## [Required action]
Read the data below line by line and copy each one with "black" in it.

## [Source material]
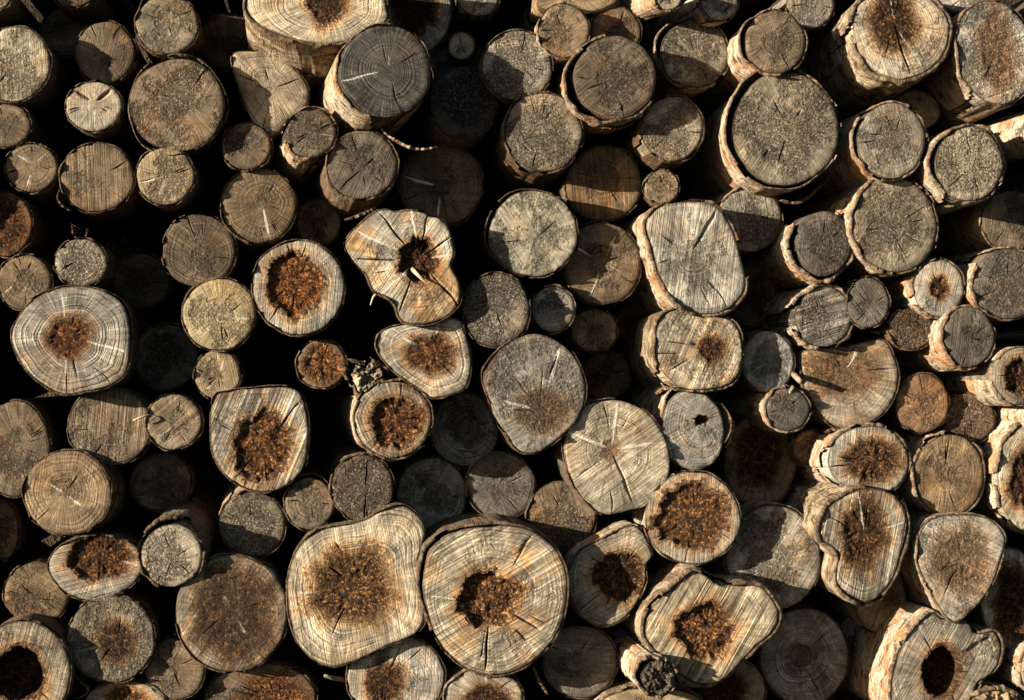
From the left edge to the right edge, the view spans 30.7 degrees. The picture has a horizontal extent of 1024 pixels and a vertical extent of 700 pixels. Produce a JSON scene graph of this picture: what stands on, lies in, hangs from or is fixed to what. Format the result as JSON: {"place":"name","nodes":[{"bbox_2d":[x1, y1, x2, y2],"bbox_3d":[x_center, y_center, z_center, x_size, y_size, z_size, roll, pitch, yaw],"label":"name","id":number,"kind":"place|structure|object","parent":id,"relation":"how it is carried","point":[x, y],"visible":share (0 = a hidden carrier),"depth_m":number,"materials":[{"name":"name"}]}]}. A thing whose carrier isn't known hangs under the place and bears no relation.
{"place":"outdoors","nodes":[
{"label":"outdoors","id":0,"kind":"place"},
{"bbox_2d":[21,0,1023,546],"bbox_3d":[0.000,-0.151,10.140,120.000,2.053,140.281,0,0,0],"label":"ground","id":1,"kind":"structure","parent":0,"point":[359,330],"depth_m":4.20,"materials":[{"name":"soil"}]},
{"bbox_2d":[66,676,96,699],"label":"log","id":2,"kind":"object","parent":1,"relation":"on","point":[80,689],"visible":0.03,"depth_m":3.53,"materials":[{"name":"black wood"}]},
{"bbox_2d":[0,600,84,699],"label":"log","id":3,"kind":"object","parent":2,"relation":"on","point":[36,659],"visible":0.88,"depth_m":2.99,"materials":[{"name":"beige wood"}]},
{"bbox_2d":[2,536,78,620],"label":"log","id":4,"kind":"object","parent":3,"relation":"on","point":[30,586],"visible":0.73,"depth_m":3.06,"materials":[{"name":"brown wood"}]},
{"bbox_2d":[0,497,50,561],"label":"log","id":5,"kind":"object","parent":4,"relation":"on","point":[20,531],"visible":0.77,"depth_m":3.09,"materials":[{"name":"brown wood"}]},
{"bbox_2d":[0,395,80,498],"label":"log","id":6,"kind":"object","parent":5,"relation":"on","point":[33,430],"visible":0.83,"depth_m":3.05,"materials":[{"name":"brown wood"}]},
{"bbox_2d":[128,438,209,512],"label":"log","id":7,"kind":"object","parent":1,"relation":"on","point":[160,480],"visible":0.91,"depth_m":3.12,"materials":[{"name":"brown wood"}]},
{"bbox_2d":[67,385,189,467],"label":"log","id":8,"kind":"object","parent":7,"relation":"on","point":[105,428],"visible":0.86,"depth_m":3.05,"materials":[{"name":"beige wood"}]},
{"bbox_2d":[10,284,173,395],"bbox_3d":[-0.758,-0.008,3.520,0.195,0.181,1.055,0,-1,-6],"label":"log","id":9,"kind":"object","parent":8,"relation":"on","point":[70,340],"visible":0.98,"depth_m":3.00,"materials":[{"name":"beige wood"}]},
{"bbox_2d":[0,253,66,310],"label":"log","id":10,"kind":"object","parent":9,"relation":"on","point":[25,278],"visible":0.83,"depth_m":3.05,"materials":[{"name":"brown wood"}]},
{"bbox_2d":[0,190,106,262],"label":"log","id":11,"kind":"object","parent":10,"relation":"on","point":[27,226],"visible":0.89,"depth_m":3.07,"materials":[{"name":"brown wood"}]},
{"bbox_2d":[4,142,120,240],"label":"log","id":12,"kind":"object","parent":11,"relation":"on","point":[31,169],"visible":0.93,"depth_m":3.07,"materials":[{"name":"brown wood"}]},
{"bbox_2d":[0,103,70,159],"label":"log","id":13,"kind":"object","parent":12,"relation":"on","point":[22,125],"visible":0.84,"depth_m":3.06,"materials":[{"name":"brown wood"}]},
{"bbox_2d":[0,25,91,150],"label":"log","id":14,"kind":"object","parent":13,"relation":"on","point":[39,81],"visible":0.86,"depth_m":3.04,"materials":[{"name":"beige wood"}]},
{"bbox_2d":[53,237,122,292],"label":"log","id":15,"kind":"object","parent":9,"relation":"on","point":[87,261],"visible":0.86,"depth_m":3.04,"materials":[{"name":"grey wood"}]},
{"bbox_2d":[58,142,172,252],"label":"log","id":16,"kind":"object","parent":15,"relation":"on","point":[98,181],"visible":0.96,"depth_m":3.06,"materials":[{"name":"brown wood"}]},
{"bbox_2d":[184,669,213,699],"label":"log","id":17,"kind":"object","parent":1,"relation":"on","point":[199,695],"visible":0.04,"depth_m":3.63,"materials":[{"name":"black wood"}]},
{"bbox_2d":[83,671,166,699],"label":"log","id":18,"kind":"object","parent":17,"relation":"on","point":[137,687],"visible":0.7,"depth_m":3.04,"materials":[{"name":"brown wood"}]},
{"bbox_2d":[65,575,181,683],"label":"log","id":19,"kind":"object","parent":18,"relation":"on","point":[110,639],"visible":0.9,"depth_m":3.02,"materials":[{"name":"brown wood"}]},
{"bbox_2d":[47,512,160,601],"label":"log","id":20,"kind":"object","parent":19,"relation":"on","point":[86,567],"visible":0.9,"depth_m":3.02,"materials":[{"name":"brown wood"}]},
{"bbox_2d":[21,448,154,535],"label":"log","id":21,"kind":"object","parent":20,"relation":"on","point":[71,492],"visible":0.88,"depth_m":3.03,"materials":[{"name":"brown wood"}]},
{"bbox_2d":[318,665,351,699],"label":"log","id":22,"kind":"object","parent":1,"relation":"on","point":[329,689],"visible":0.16,"depth_m":3.65,"materials":[{"name":"black wood"}]},
{"bbox_2d":[345,622,446,699],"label":"log","id":23,"kind":"object","parent":22,"relation":"on","point":[413,667],"visible":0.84,"depth_m":3.06,"materials":[{"name":"beige wood"}]},
{"bbox_2d":[286,494,425,667],"bbox_3d":[-0.300,0.388,3.558,0.231,0.268,1.055,0,0,-5],"label":"log","id":24,"kind":"object","parent":23,"relation":"on","point":[351,592],"visible":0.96,"depth_m":3.04,"materials":[{"name":"beige wood"}]},
{"bbox_2d":[309,422,395,519],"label":"log","id":25,"kind":"object","parent":24,"relation":"on","point":[362,482],"visible":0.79,"depth_m":3.07,"materials":[{"name":"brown wood"}]},
{"bbox_2d":[313,378,433,461],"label":"log","id":26,"kind":"object","parent":25,"relation":"on","point":[392,420],"visible":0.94,"depth_m":3.06,"materials":[{"name":"brown wood"}]},
{"bbox_2d":[295,338,347,388],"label":"log","id":27,"kind":"object","parent":26,"relation":"on","point":[320,363],"visible":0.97,"depth_m":3.06,"materials":[{"name":"brown wood"}]},
{"bbox_2d":[251,239,346,347],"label":"log","id":28,"kind":"object","parent":27,"relation":"on","point":[298,290],"visible":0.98,"depth_m":3.04,"materials":[{"name":"brown wood"}]},
{"bbox_2d":[289,128,399,263],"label":"log","id":29,"kind":"object","parent":28,"relation":"on","point":[358,172],"visible":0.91,"depth_m":3.07,"materials":[{"name":"brown wood"}]},
{"bbox_2d":[298,22,432,207],"bbox_3d":[-0.331,-0.391,3.510,0.160,0.160,1.053,0,-7,-14],"label":"log","id":30,"kind":"object","parent":29,"relation":"on","point":[377,78],"visible":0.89,"depth_m":3.01,"materials":[{"name":"grey wood"}]},
{"bbox_2d":[242,0,390,105],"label":"log","id":31,"kind":"object","parent":30,"relation":"on","point":[308,39],"visible":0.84,"depth_m":3.01,"materials":[{"name":"beige wood"}]},
{"bbox_2d":[385,445,467,527],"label":"log","id":32,"kind":"object","parent":24,"relation":"on","point":[430,487],"visible":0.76,"depth_m":3.16,"materials":[{"name":"grey wood"}]},
{"bbox_2d":[423,391,500,468],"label":"log","id":33,"kind":"object","parent":32,"relation":"on","point":[464,434],"visible":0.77,"depth_m":3.18,"materials":[{"name":"grey wood"}]},
{"bbox_2d":[368,317,471,399],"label":"log","id":34,"kind":"object","parent":33,"relation":"on","point":[433,362],"visible":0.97,"depth_m":3.06,"materials":[{"name":"beige wood"}]},
{"bbox_2d":[343,209,462,327],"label":"log","id":35,"kind":"object","parent":34,"relation":"on","point":[400,262],"visible":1,"depth_m":3.03,"materials":[{"name":"beige wood"}]},
{"bbox_2d":[389,143,484,236],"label":"log","id":36,"kind":"object","parent":35,"relation":"on","point":[447,184],"visible":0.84,"depth_m":3.16,"materials":[{"name":"brown wood"}]},
{"bbox_2d":[378,67,498,208],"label":"log","id":37,"kind":"object","parent":36,"relation":"on","point":[458,107],"visible":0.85,"depth_m":3.12,"materials":[{"name":"grey wood"}]},
{"bbox_2d":[515,664,571,699],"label":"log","id":38,"kind":"object","parent":1,"relation":"on","point":[530,684],"visible":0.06,"depth_m":3.35,"materials":[{"name":"black wood"}]},
{"bbox_2d":[432,632,524,699],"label":"log","id":39,"kind":"object","parent":38,"relation":"on","point":[462,683],"visible":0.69,"depth_m":3.07,"materials":[{"name":"beige wood"}]},
{"bbox_2d":[416,501,569,678],"bbox_3d":[-0.101,0.388,3.541,0.251,0.258,1.056,0,2,-8],"label":"log","id":40,"kind":"object","parent":39,"relation":"on","point":[494,589],"visible":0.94,"depth_m":3.03,"materials":[{"name":"beige wood"}]},
{"bbox_2d":[461,446,536,516],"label":"log","id":41,"kind":"object","parent":40,"relation":"on","point":[497,480],"visible":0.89,"depth_m":3.15,"materials":[{"name":"brown wood"}]},
{"bbox_2d":[464,334,587,454],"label":"log","id":42,"kind":"object","parent":41,"relation":"on","point":[532,389],"visible":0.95,"depth_m":3.06,"materials":[{"name":"grey wood"}]},
{"bbox_2d":[450,271,531,350],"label":"log","id":43,"kind":"object","parent":42,"relation":"on","point":[494,310],"visible":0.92,"depth_m":3.06,"materials":[{"name":"grey wood"}]},
{"bbox_2d":[524,284,575,334],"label":"log","id":44,"kind":"object","parent":42,"relation":"on","point":[553,307],"visible":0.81,"depth_m":3.10,"materials":[{"name":"grey wood"}]},
{"bbox_2d":[453,188,579,288],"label":"log","id":45,"kind":"object","parent":44,"relation":"on","point":[527,237],"visible":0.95,"depth_m":3.09,"materials":[{"name":"beige wood"}]},
{"bbox_2d":[453,91,584,248],"bbox_3d":[-0.011,-0.320,3.620,0.141,0.143,1.055,0,-5,-7],"label":"log","id":46,"kind":"object","parent":45,"relation":"on","point":[536,141],"visible":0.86,"depth_m":3.11,"materials":[{"name":"brown wood"}]},
{"bbox_2d":[470,29,553,159],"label":"log","id":47,"kind":"object","parent":46,"relation":"on","point":[513,65],"visible":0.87,"depth_m":3.11,"materials":[{"name":"grey wood"}]},
{"bbox_2d":[533,605,618,699],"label":"log","id":48,"kind":"object","parent":38,"relation":"on","point":[578,659],"visible":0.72,"depth_m":3.11,"materials":[{"name":"wood"}]},
{"bbox_2d":[561,513,652,626],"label":"log","id":49,"kind":"object","parent":48,"relation":"on","point":[608,559],"visible":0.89,"depth_m":3.09,"materials":[{"name":"brown wood"}]},
{"bbox_2d":[511,397,671,515],"bbox_3d":[0.126,0.185,3.601,0.184,0.197,1.053,0,-1,-5],"label":"log","id":50,"kind":"object","parent":49,"relation":"on","point":[606,455],"visible":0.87,"depth_m":3.08,"materials":[{"name":"beige wood"}]},
{"bbox_2d":[576,350,631,399],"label":"log","id":51,"kind":"object","parent":50,"relation":"on","point":[608,373],"visible":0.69,"depth_m":3.25,"materials":[{"name":"brown wood"}]},
{"bbox_2d":[545,307,618,354],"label":"log","id":52,"kind":"object","parent":51,"relation":"on","point":[592,330],"visible":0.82,"depth_m":3.17,"materials":[{"name":"brown wood"}]},
{"bbox_2d":[524,221,641,311],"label":"log","id":53,"kind":"object","parent":52,"relation":"on","point":[602,267],"visible":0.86,"depth_m":3.13,"materials":[{"name":"brown wood"}]},
{"bbox_2d":[547,145,641,227],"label":"log","id":54,"kind":"object","parent":53,"relation":"on","point":[599,183],"visible":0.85,"depth_m":3.17,"materials":[{"name":"brown wood"}]},
{"bbox_2d":[545,34,655,152],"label":"log","id":55,"kind":"object","parent":54,"relation":"on","point":[599,83],"visible":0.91,"depth_m":3.08,"materials":[{"name":"brown wood"}]},
{"bbox_2d":[605,95,705,178],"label":"log","id":56,"kind":"object","parent":54,"relation":"on","point":[667,132],"visible":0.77,"depth_m":3.12,"materials":[{"name":"brown wood"}]},
{"bbox_2d":[601,16,728,144],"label":"log","id":57,"kind":"object","parent":56,"relation":"on","point":[690,54],"visible":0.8,"depth_m":3.15,"materials":[{"name":"wood"}]},
{"bbox_2d":[747,600,849,699],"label":"log","id":58,"kind":"object","parent":1,"relation":"on","point":[803,653],"visible":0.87,"depth_m":3.24,"materials":[{"name":"wood"}]},
{"bbox_2d":[711,500,820,608],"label":"log","id":59,"kind":"object","parent":58,"relation":"on","point":[775,548],"visible":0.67,"depth_m":3.14,"materials":[{"name":"wood"}]},
{"bbox_2d":[700,416,797,503],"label":"log","id":60,"kind":"object","parent":59,"relation":"on","point":[752,463],"visible":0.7,"depth_m":3.23,"materials":[{"name":"brown wood"}]},
{"bbox_2d":[706,385,811,432],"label":"log","id":61,"kind":"object","parent":60,"relation":"on","point":[784,409],"visible":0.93,"depth_m":3.13,"materials":[{"name":"grey wood"}]},
{"bbox_2d":[723,329,795,391],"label":"log","id":62,"kind":"object","parent":61,"relation":"on","point":[769,362],"visible":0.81,"depth_m":3.13,"materials":[{"name":"grey wood"}]},
{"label":"log","id":63,"kind":"object","parent":62,"relation":"on","visible":0},
{"bbox_2d":[703,187,783,253],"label":"log","id":64,"kind":"object","parent":63,"relation":"on","point":[757,221],"visible":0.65,"depth_m":3.18,"materials":[{"name":"wood"}]},
{"bbox_2d":[671,69,840,202],"bbox_3d":[0.385,-0.339,3.596,0.199,0.205,1.055,0,-3,-7],"label":"log","id":65,"kind":"object","parent":64,"relation":"on","point":[770,136],"visible":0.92,"depth_m":3.08,"materials":[{"name":"beige wood"}]},
{"bbox_2d":[690,8,807,117],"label":"log","id":66,"kind":"object","parent":65,"relation":"on","point":[772,42],"visible":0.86,"depth_m":3.08,"materials":[{"name":"brown wood"}]},
{"bbox_2d":[802,596,860,655],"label":"log","id":67,"kind":"object","parent":1,"relation":"on","point":[850,628],"visible":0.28,"depth_m":3.30,"materials":[{"name":"brown wood"}]},
{"bbox_2d":[807,573,906,633],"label":"log","id":68,"kind":"object","parent":67,"relation":"on","point":[871,616],"visible":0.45,"depth_m":3.22,"materials":[{"name":"brown wood"}]},
{"bbox_2d":[779,478,910,605],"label":"log","id":69,"kind":"object","parent":68,"relation":"on","point":[859,534],"visible":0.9,"depth_m":3.09,"materials":[{"name":"beige wood"}]},
{"bbox_2d":[794,422,912,491],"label":"log","id":70,"kind":"object","parent":69,"relation":"on","point":[876,455],"visible":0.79,"depth_m":3.12,"materials":[{"name":"beige wood"}]},
{"bbox_2d":[787,339,900,428],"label":"log","id":71,"kind":"object","parent":70,"relation":"on","point":[844,384],"visible":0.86,"depth_m":3.15,"materials":[{"name":"brown wood"}]},
{"bbox_2d":[742,283,853,349],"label":"log","id":72,"kind":"object","parent":71,"relation":"on","point":[813,317],"visible":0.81,"depth_m":3.13,"materials":[{"name":"grey wood"}]},
{"bbox_2d":[740,209,853,290],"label":"log","id":73,"kind":"object","parent":72,"relation":"on","point":[815,248],"visible":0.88,"depth_m":3.11,"materials":[{"name":"wood"}]},
{"bbox_2d":[831,276,891,329],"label":"log","id":74,"kind":"object","parent":71,"relation":"on","point":[868,303],"visible":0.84,"depth_m":3.13,"materials":[{"name":"grey wood"}]},
{"bbox_2d":[783,178,939,286],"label":"log","id":75,"kind":"object","parent":74,"relation":"on","point":[892,228],"visible":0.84,"depth_m":3.11,"materials":[{"name":"beige wood"}]},
{"bbox_2d":[777,100,928,210],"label":"log","id":76,"kind":"object","parent":75,"relation":"on","point":[884,141],"visible":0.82,"depth_m":3.10,"materials":[{"name":"brown wood"}]},
{"bbox_2d":[793,0,953,121],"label":"log","id":77,"kind":"object","parent":76,"relation":"on","point":[861,55],"visible":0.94,"depth_m":3.10,"materials":[{"name":"beige wood"}]},
{"bbox_2d":[904,123,1006,215],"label":"log","id":78,"kind":"object","parent":75,"relation":"on","point":[961,166],"visible":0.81,"depth_m":3.08,"materials":[{"name":"beige wood"}]},
{"bbox_2d":[981,112,1023,161],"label":"log","id":79,"kind":"object","parent":78,"relation":"on","point":[1008,131],"visible":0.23,"depth_m":3.18,"materials":[{"name":"beige wood"}]},
{"bbox_2d":[908,0,1023,136],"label":"log","id":80,"kind":"object","parent":79,"relation":"on","point":[978,74],"visible":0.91,"depth_m":3.12,"materials":[{"name":"beige wood"}]},
{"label":"log","id":81,"kind":"object","parent":1,"relation":"on","visible":0},
{"bbox_2d":[964,677,1023,699],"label":"log","id":82,"kind":"object","parent":81,"relation":"on","point":[989,689],"visible":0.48,"depth_m":3.12,"materials":[{"name":"beige wood"}]},
{"bbox_2d":[840,601,1004,699],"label":"log","id":83,"kind":"object","parent":82,"relation":"on","point":[909,650],"visible":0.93,"depth_m":3.12,"materials":[{"name":"beige wood"}]},
{"bbox_2d":[900,508,1006,623],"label":"log","id":84,"kind":"object","parent":83,"relation":"on","point":[951,565],"visible":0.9,"depth_m":3.11,"materials":[{"name":"beige wood"}]},
{"bbox_2d":[891,430,985,513],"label":"log","id":85,"kind":"object","parent":84,"relation":"on","point":[947,473],"visible":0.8,"depth_m":3.14,"materials":[{"name":"brown wood"}]},
{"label":"log","id":86,"kind":"object","parent":1,"relation":"on","visible":0},
{"bbox_2d":[204,625,318,699],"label":"log","id":87,"kind":"object","parent":86,"relation":"on","point":[288,669],"visible":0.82,"depth_m":3.07,"materials":[{"name":"brown wood"}]},
{"bbox_2d":[175,524,295,673],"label":"log","id":88,"kind":"object","parent":87,"relation":"on","point":[231,616],"visible":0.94,"depth_m":3.03,"materials":[{"name":"brown wood"}]},
{"bbox_2d":[136,445,228,588],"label":"log","id":89,"kind":"object","parent":88,"relation":"on","point":[177,545],"visible":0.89,"depth_m":3.02,"materials":[{"name":"beige wood"}]},
{"bbox_2d":[218,480,287,557],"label":"log","id":90,"kind":"object","parent":88,"relation":"on","point":[253,524],"visible":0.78,"depth_m":3.06,"materials":[{"name":"grey wood"}]},
{"bbox_2d":[210,383,316,493],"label":"log","id":91,"kind":"object","parent":90,"relation":"on","point":[262,437],"visible":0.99,"depth_m":3.05,"materials":[{"name":"brown wood"}]},
{"bbox_2d":[192,351,267,399],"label":"log","id":92,"kind":"object","parent":91,"relation":"on","point":[214,372],"visible":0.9,"depth_m":3.06,"materials":[{"name":"beige wood"}]},
{"bbox_2d":[181,277,274,355],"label":"log","id":93,"kind":"object","parent":92,"relation":"on","point":[220,314],"visible":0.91,"depth_m":3.05,"materials":[{"name":"beige wood"}]},
{"bbox_2d":[161,214,246,288],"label":"log","id":94,"kind":"object","parent":93,"relation":"on","point":[198,248],"visible":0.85,"depth_m":3.08,"materials":[{"name":"brown wood"}]},
{"bbox_2d":[135,148,219,220],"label":"log","id":95,"kind":"object","parent":94,"relation":"on","point":[172,188],"visible":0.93,"depth_m":3.05,"materials":[{"name":"beige wood"}]},
{"bbox_2d":[128,53,236,197],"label":"log","id":96,"kind":"object","parent":95,"relation":"on","point":[178,102],"visible":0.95,"depth_m":3.06,"materials":[{"name":"brown wood"}]},
{"bbox_2d":[219,168,297,290],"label":"log","id":97,"kind":"object","parent":94,"relation":"on","point":[258,211],"visible":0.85,"depth_m":3.09,"materials":[{"name":"brown wood"}]},
{"bbox_2d":[221,122,274,175],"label":"log","id":98,"kind":"object","parent":97,"relation":"on","point":[247,146],"visible":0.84,"depth_m":3.08,"materials":[{"name":"brown wood"}]},
{"bbox_2d":[230,49,310,149],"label":"log","id":99,"kind":"object","parent":98,"relation":"on","point":[274,94],"visible":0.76,"depth_m":3.10,"materials":[{"name":"beige wood"}]},
{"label":"log","id":100,"kind":"object","parent":1,"relation":"on","visible":0},
{"bbox_2d":[587,670,703,699],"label":"log","id":101,"kind":"object","parent":100,"relation":"on","point":[622,686],"visible":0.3,"depth_m":3.09,"materials":[{"name":"beige wood"}]},
{"bbox_2d":[620,550,782,687],"bbox_3d":[0.249,0.432,3.580,0.241,0.200,1.055,0,3,-9],"label":"log","id":102,"kind":"object","parent":101,"relation":"on","point":[708,625],"visible":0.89,"depth_m":3.07,"materials":[{"name":"beige wood"}]},
{"bbox_2d":[615,464,741,565],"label":"log","id":103,"kind":"object","parent":102,"relation":"on","point":[692,517],"visible":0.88,"depth_m":3.10,"materials":[{"name":"brown wood"}]},
{"bbox_2d":[617,386,731,471],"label":"log","id":104,"kind":"object","parent":103,"relation":"on","point":[696,428],"visible":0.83,"depth_m":3.10,"materials":[{"name":"grey wood"}]},
{"bbox_2d":[609,307,744,392],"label":"log","id":105,"kind":"object","parent":104,"relation":"on","point":[671,347],"visible":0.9,"depth_m":3.09,"materials":[{"name":"beige wood"}]},
{"bbox_2d":[599,198,747,316],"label":"log","id":106,"kind":"object","parent":105,"relation":"on","point":[692,264],"visible":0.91,"depth_m":3.09,"materials":[{"name":"beige wood"}]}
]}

## [Written response]
{"bbox_2d":[66,676,96,699],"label":"log","id":2,"kind":"object","parent":1,"relation":"on","point":[80,689],"visible":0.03,"depth_m":3.53,"materials":[{"name":"black wood"}]},
{"bbox_2d":[184,669,213,699],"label":"log","id":17,"kind":"object","parent":1,"relation":"on","point":[199,695],"visible":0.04,"depth_m":3.63,"materials":[{"name":"black wood"}]},
{"bbox_2d":[318,665,351,699],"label":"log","id":22,"kind":"object","parent":1,"relation":"on","point":[329,689],"visible":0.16,"depth_m":3.65,"materials":[{"name":"black wood"}]},
{"bbox_2d":[515,664,571,699],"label":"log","id":38,"kind":"object","parent":1,"relation":"on","point":[530,684],"visible":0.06,"depth_m":3.35,"materials":[{"name":"black wood"}]},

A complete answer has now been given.